___ Data ___

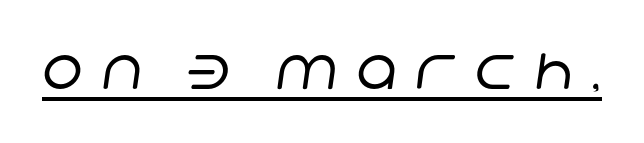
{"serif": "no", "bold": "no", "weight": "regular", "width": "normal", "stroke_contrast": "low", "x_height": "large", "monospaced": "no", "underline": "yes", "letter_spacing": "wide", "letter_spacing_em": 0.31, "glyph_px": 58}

___
___ Data ___

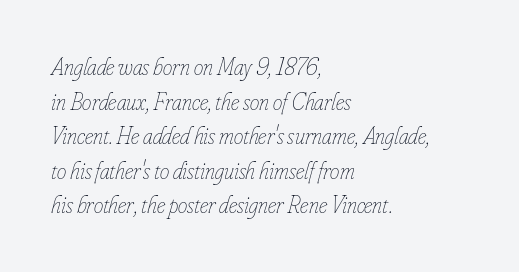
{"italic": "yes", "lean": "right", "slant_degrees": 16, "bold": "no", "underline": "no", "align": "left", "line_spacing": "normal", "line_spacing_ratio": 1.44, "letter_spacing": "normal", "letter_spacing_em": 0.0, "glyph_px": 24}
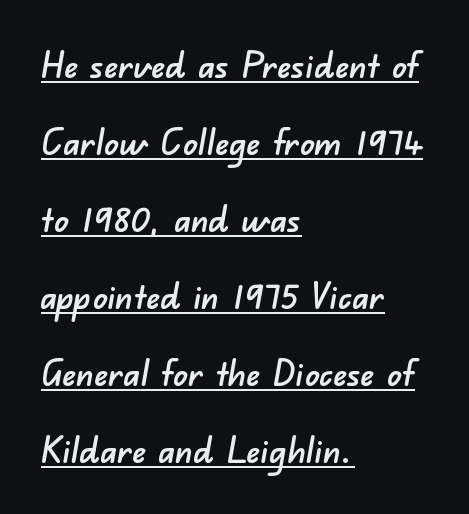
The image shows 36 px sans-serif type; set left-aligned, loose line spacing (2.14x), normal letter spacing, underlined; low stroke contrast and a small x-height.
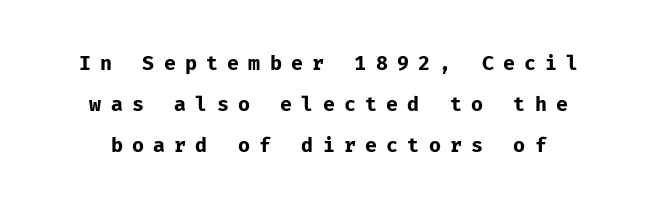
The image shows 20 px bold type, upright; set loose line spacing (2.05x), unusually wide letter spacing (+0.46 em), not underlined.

___

Task requirements =
Count of lines with "shows": please work it out for the entries above and give the number by itself.

Exercise response =
2